- [What is expected] From the entries below, return exactly the lines beginning at the one that contains "Sign: donkey" and ending at the one that contains "Chest X-ray, PA", both of them included, and only those lines.

┌─ Data for this exercise

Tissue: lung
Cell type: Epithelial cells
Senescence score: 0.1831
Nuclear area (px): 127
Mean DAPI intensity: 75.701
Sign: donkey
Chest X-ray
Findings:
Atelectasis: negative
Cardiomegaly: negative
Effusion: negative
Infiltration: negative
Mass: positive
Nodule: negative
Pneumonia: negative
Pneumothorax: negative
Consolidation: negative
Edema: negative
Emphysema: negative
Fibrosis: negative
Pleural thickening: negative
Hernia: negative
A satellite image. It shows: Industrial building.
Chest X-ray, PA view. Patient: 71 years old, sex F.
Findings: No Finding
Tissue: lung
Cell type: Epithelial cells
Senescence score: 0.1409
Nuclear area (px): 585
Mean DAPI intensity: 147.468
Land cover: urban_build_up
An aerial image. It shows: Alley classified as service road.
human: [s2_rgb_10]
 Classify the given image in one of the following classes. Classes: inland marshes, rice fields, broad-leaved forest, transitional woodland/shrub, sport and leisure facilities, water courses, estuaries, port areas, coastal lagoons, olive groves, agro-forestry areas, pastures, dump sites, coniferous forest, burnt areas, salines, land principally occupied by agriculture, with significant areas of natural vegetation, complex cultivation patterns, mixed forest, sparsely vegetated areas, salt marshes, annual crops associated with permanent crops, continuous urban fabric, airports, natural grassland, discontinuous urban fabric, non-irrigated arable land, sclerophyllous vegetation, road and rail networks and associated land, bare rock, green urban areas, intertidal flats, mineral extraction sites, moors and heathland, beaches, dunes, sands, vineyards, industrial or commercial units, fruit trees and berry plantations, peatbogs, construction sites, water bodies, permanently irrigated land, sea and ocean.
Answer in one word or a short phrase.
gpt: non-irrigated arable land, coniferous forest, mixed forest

└─

- [Exercise output]
Sign: donkey
Chest X-ray
Findings:
Atelectasis: negative
Cardiomegaly: negative
Effusion: negative
Infiltration: negative
Mass: positive
Nodule: negative
Pneumonia: negative
Pneumothorax: negative
Consolidation: negative
Edema: negative
Emphysema: negative
Fibrosis: negative
Pleural thickening: negative
Hernia: negative
A satellite image. It shows: Industrial building.
Chest X-ray, PA view. Patient: 71 years old, sex F.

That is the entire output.